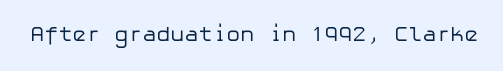
The passage shown is not underscored anywhere. The font's upright variant was chosen for this text. Stems here are at most as thick as an everyday book face. Observe the ordinary spacing: letters are neighbours, not strangers.
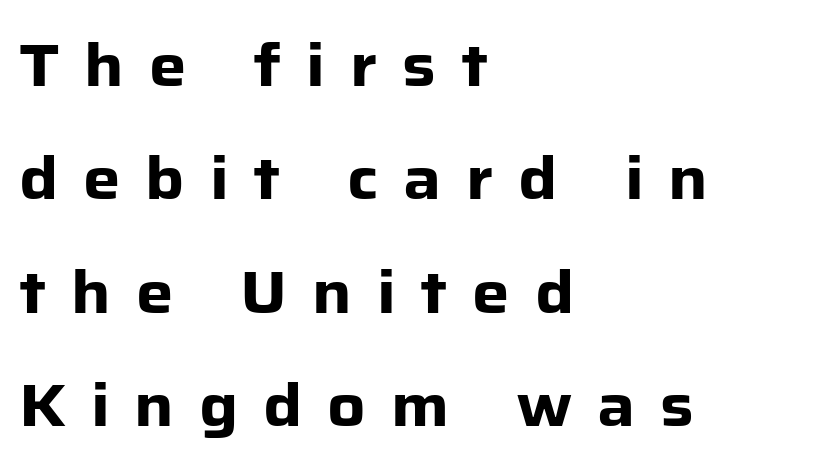
The image shows 59 px heavy sans-serif type, upright; set left-aligned, loose line spacing (1.92x), unusually wide letter spacing (+0.42 em), not underlined; low stroke contrast and a medium x-height.
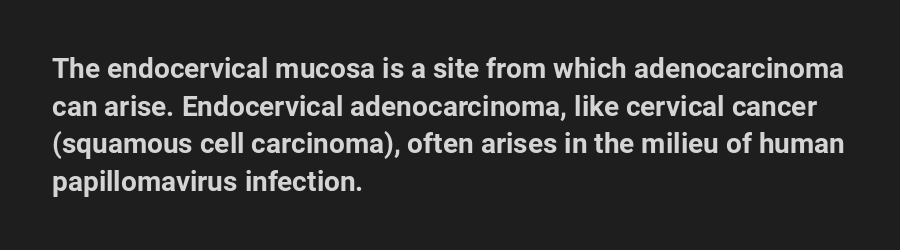
Q: Is the text bold? A: Yes.
Q: Is the text italic (slanted)? A: No, it is upright.
Q: Is the typeface a serif or a sans-serif typeface? A: Sans-serif.
Q: Is the text underlined? A: No.
Q: How is the paragraph aligned? A: Left-aligned.
Q: Is the spacing between letters normal or unusually wide? A: Normal.
Q: Is the spacing between lines tight, normal or loose? A: Normal.
Q: Width (condensed, normal, or wide)? A: Normal.
Q: Stroke contrast? A: Low.
Q: x-height? A: Medium.
Q: Monospaced? A: No.
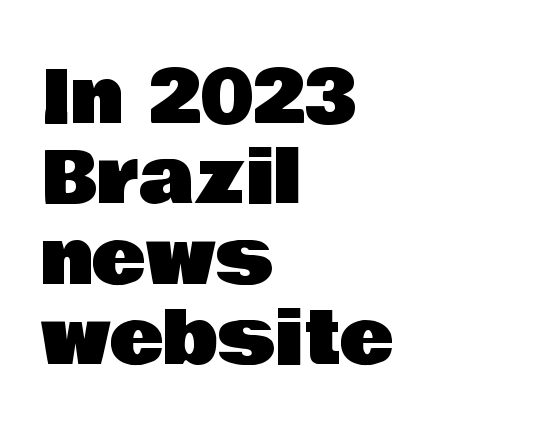
Q: Is the text italic (slanted)? A: No, it is upright.
Q: Is the typeface a serif or a sans-serif typeface? A: Sans-serif.
Q: Is the text underlined? A: No.
Q: How is the paragraph aligned? A: Left-aligned.
Q: Is the spacing between letters normal or unusually wide? A: Normal.
Q: Is the spacing between lines tight, normal or loose? A: Tight.
Q: Width (condensed, normal, or wide)? A: Normal.
Q: Stroke contrast? A: Low.
Q: x-height? A: Large.
Q: Monospaced? A: No.
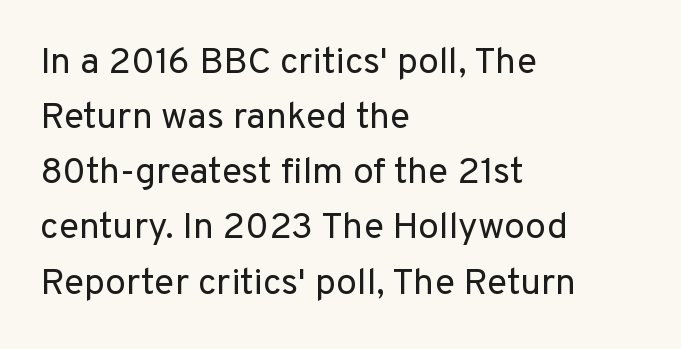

::::

The answer is the full set of records printed exactly, less the pictures.

» ANSWER BELOW:
The passage shown is not underscored anywhere. The font's upright variant was chosen for this text. Stems here are at most as thick as an everyday book face. Observe the ordinary spacing: letters are neighbours, not strangers.
The image shows 59 px heavy sans-serif type, upright; set left-aligned, loose line spacing (1.92x), unusually wide letter spacing (+0.42 em), not underlined; low stroke contrast and a medium x-height.
Q: Is the text bold? A: Yes.
Q: Is the text italic (slanted)? A: No, it is upright.
Q: Is the typeface a serif or a sans-serif typeface? A: Sans-serif.
Q: Is the text underlined? A: No.
Q: How is the paragraph aligned? A: Left-aligned.
Q: Is the spacing between letters normal or unusually wide? A: Normal.
Q: Is the spacing between lines tight, normal or loose? A: Normal.
Q: Width (condensed, normal, or wide)? A: Normal.
Q: Stroke contrast? A: Low.
Q: x-height? A: Medium.
Q: Monospaced? A: No.
Q: Is the text italic (slanted)? A: No, it is upright.
Q: Is the typeface a serif or a sans-serif typeface? A: Sans-serif.
Q: Is the text underlined? A: No.
Q: How is the paragraph aligned? A: Left-aligned.
Q: Is the spacing between letters normal or unusually wide? A: Normal.
Q: Is the spacing between lines tight, normal or loose? A: Tight.
Q: Width (condensed, normal, or wide)? A: Normal.
Q: Stroke contrast? A: Low.
Q: x-height? A: Large.
Q: Monospaced? A: No.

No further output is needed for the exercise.